*** Opening of TASK INPUT ***
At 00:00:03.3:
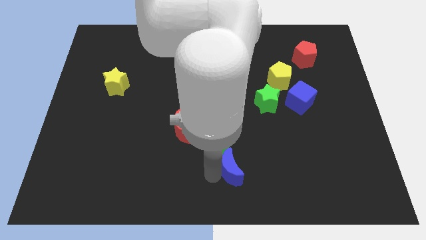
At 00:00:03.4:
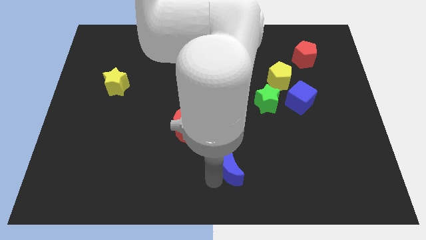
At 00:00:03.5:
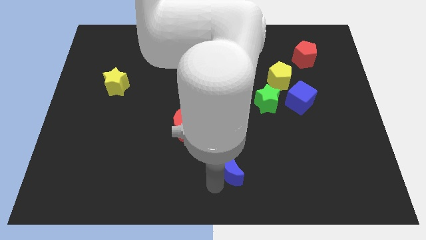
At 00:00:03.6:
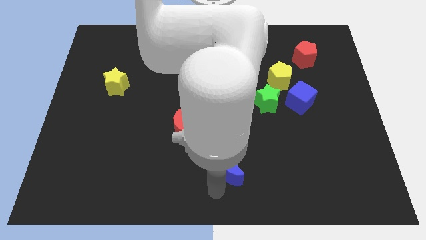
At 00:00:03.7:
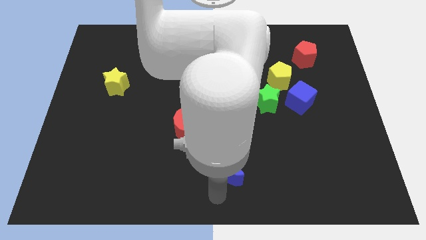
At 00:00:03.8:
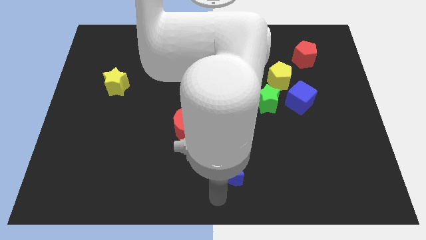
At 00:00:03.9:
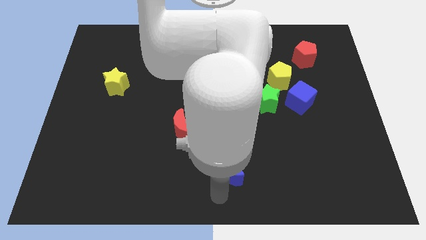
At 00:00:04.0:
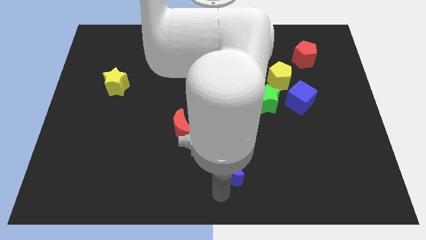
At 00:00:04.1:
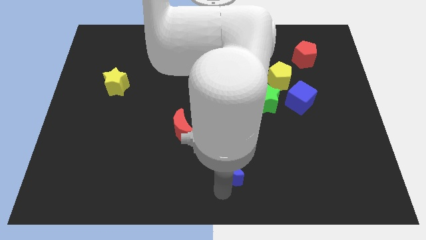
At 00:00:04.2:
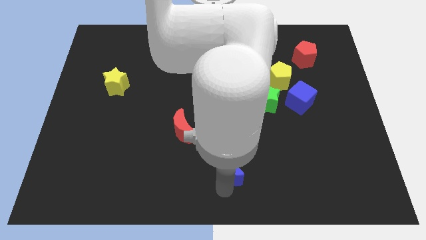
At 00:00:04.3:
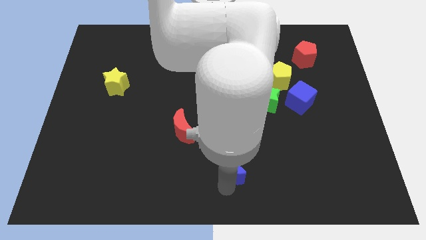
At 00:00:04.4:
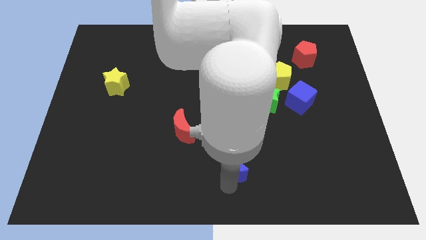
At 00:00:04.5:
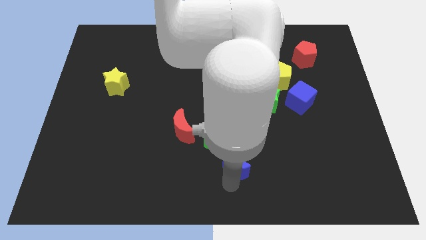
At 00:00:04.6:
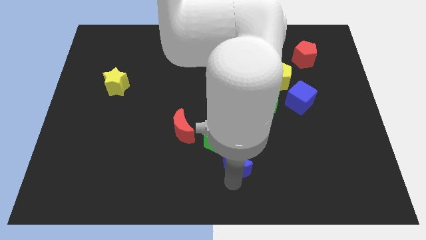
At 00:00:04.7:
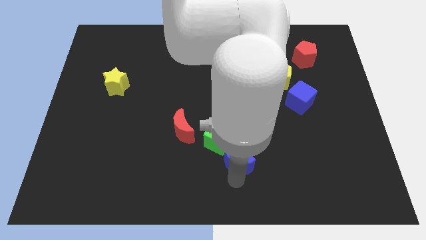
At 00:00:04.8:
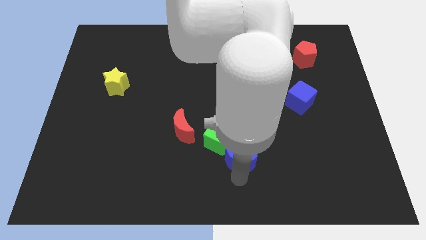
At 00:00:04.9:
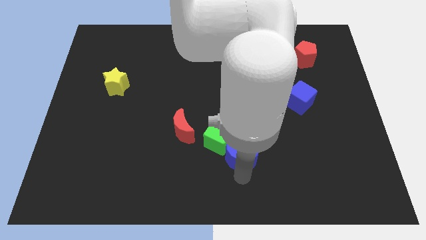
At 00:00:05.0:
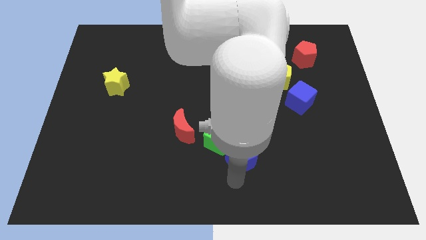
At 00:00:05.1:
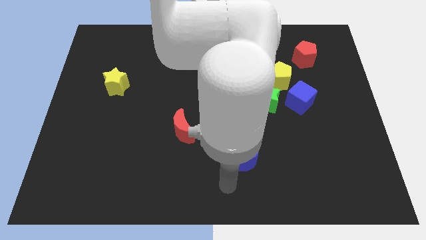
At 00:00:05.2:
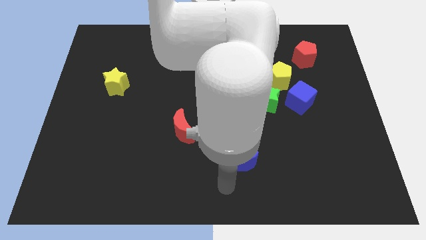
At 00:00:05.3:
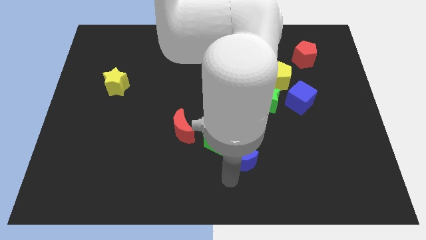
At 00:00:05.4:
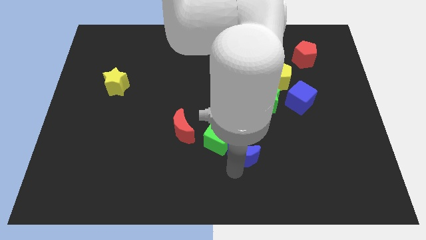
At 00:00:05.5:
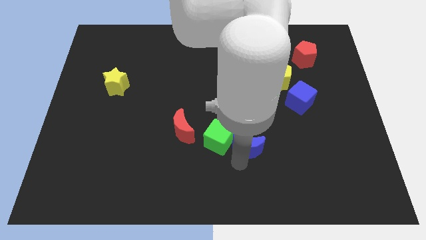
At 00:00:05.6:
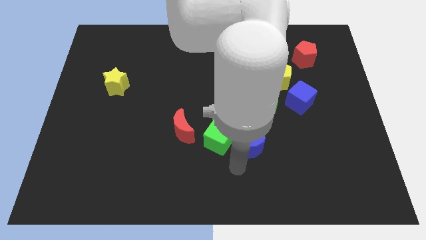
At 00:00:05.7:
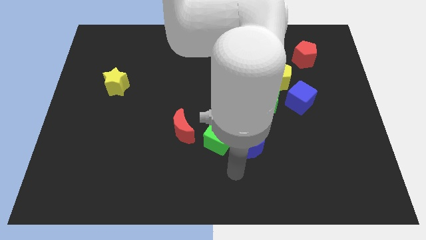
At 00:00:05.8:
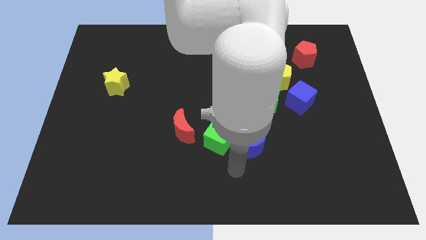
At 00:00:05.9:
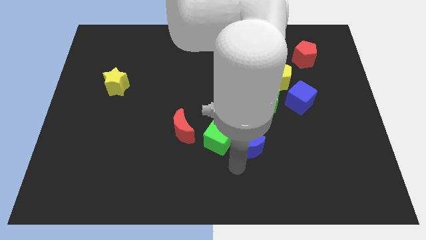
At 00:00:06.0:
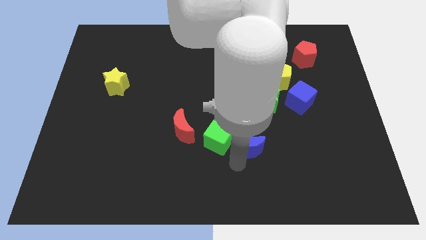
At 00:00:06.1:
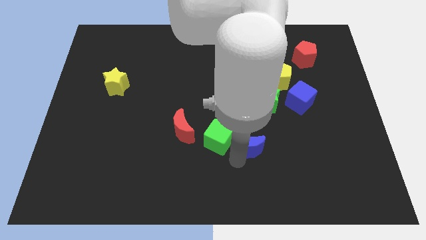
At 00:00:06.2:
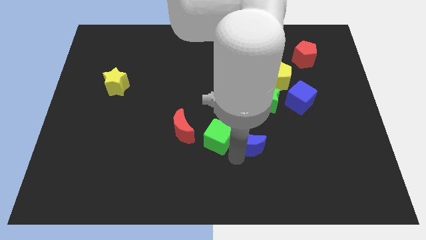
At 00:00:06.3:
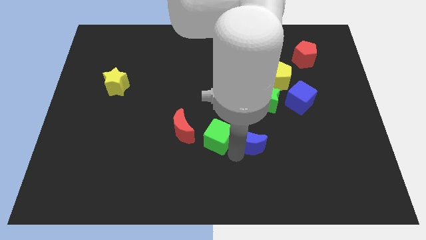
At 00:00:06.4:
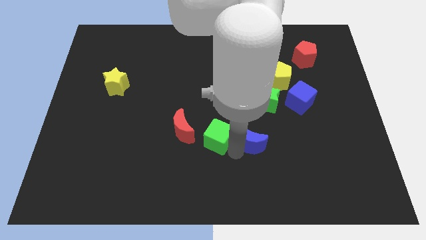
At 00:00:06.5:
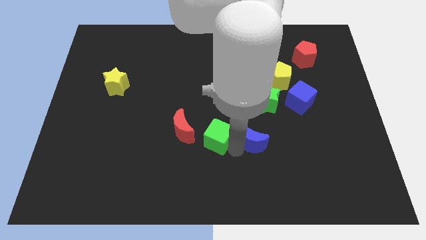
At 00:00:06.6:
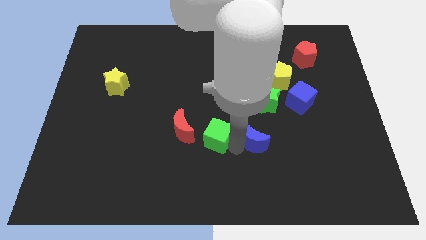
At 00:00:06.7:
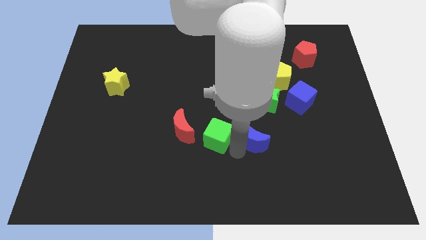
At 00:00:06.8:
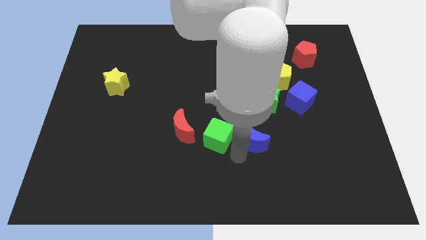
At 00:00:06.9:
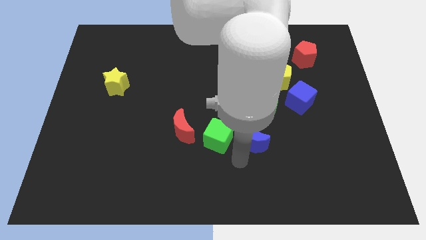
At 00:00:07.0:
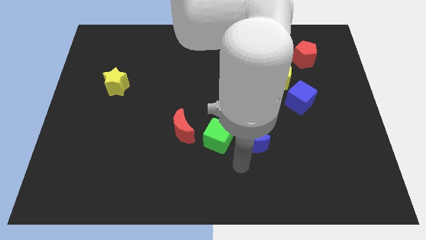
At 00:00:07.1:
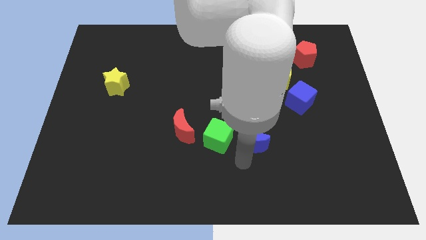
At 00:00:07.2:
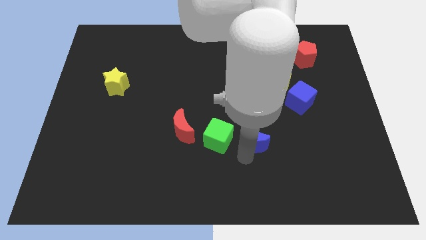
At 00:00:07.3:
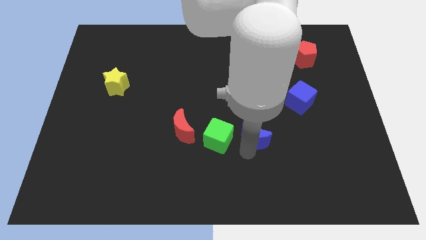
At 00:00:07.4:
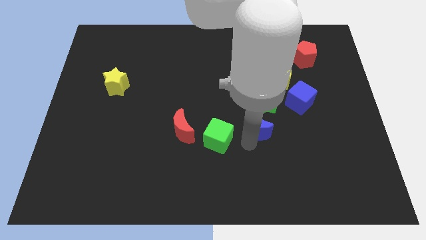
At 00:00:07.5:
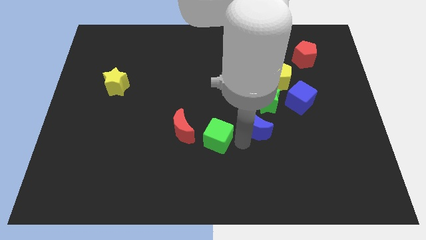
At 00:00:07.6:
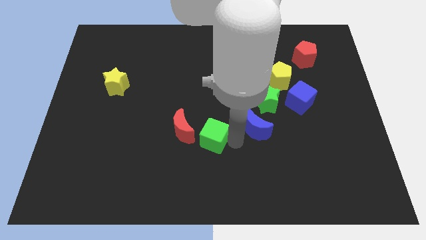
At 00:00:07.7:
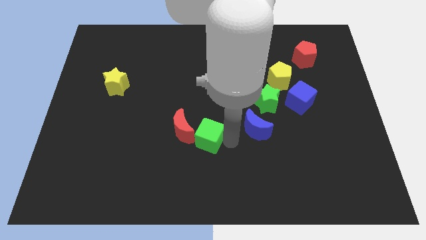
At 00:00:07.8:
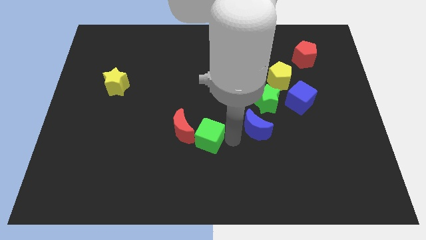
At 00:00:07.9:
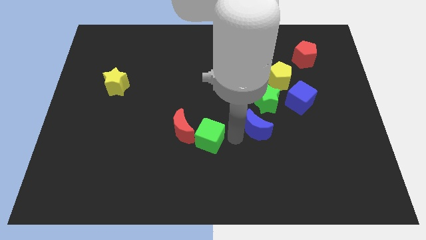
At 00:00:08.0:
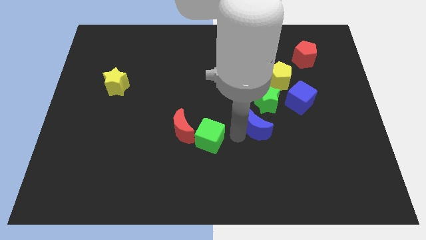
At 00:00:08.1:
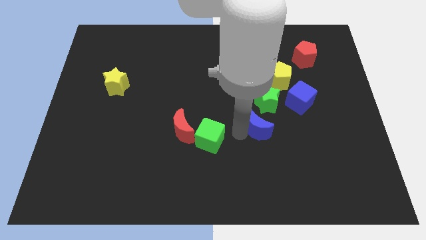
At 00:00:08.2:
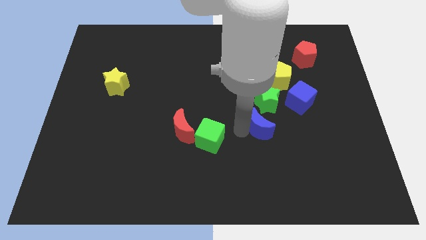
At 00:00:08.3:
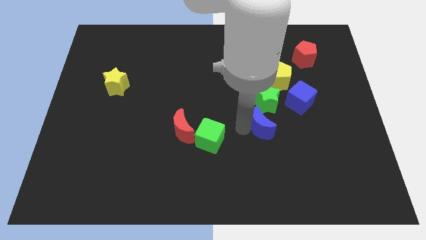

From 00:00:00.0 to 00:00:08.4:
*** Close of TASK INPUT ***
From the first line to the last, retype the data exactly, but omit every image.

RESULT:
At 00:00:03.3:
At 00:00:03.4:
At 00:00:03.5:
At 00:00:03.6:
At 00:00:03.7:
At 00:00:03.8:
At 00:00:03.9:
At 00:00:04.0:
At 00:00:04.1:
At 00:00:04.2:
At 00:00:04.3:
At 00:00:04.4:
At 00:00:04.5:
At 00:00:04.6:
At 00:00:04.7:
At 00:00:04.8:
At 00:00:04.9:
At 00:00:05.0:
At 00:00:05.1:
At 00:00:05.2:
At 00:00:05.3:
At 00:00:05.4:
At 00:00:05.5:
At 00:00:05.6:
At 00:00:05.7:
At 00:00:05.8:
At 00:00:05.9:
At 00:00:06.0:
At 00:00:06.1:
At 00:00:06.2:
At 00:00:06.3:
At 00:00:06.4:
At 00:00:06.5:
At 00:00:06.6:
At 00:00:06.7:
At 00:00:06.8:
At 00:00:06.9:
At 00:00:07.0:
At 00:00:07.1:
At 00:00:07.2:
At 00:00:07.3:
At 00:00:07.4:
At 00:00:07.5:
At 00:00:07.6:
At 00:00:07.7:
At 00:00:07.8:
At 00:00:07.9:
At 00:00:08.0:
At 00:00:08.1:
At 00:00:08.2:
At 00:00:08.3:

From 00:00:00.0 to 00:00:08.4:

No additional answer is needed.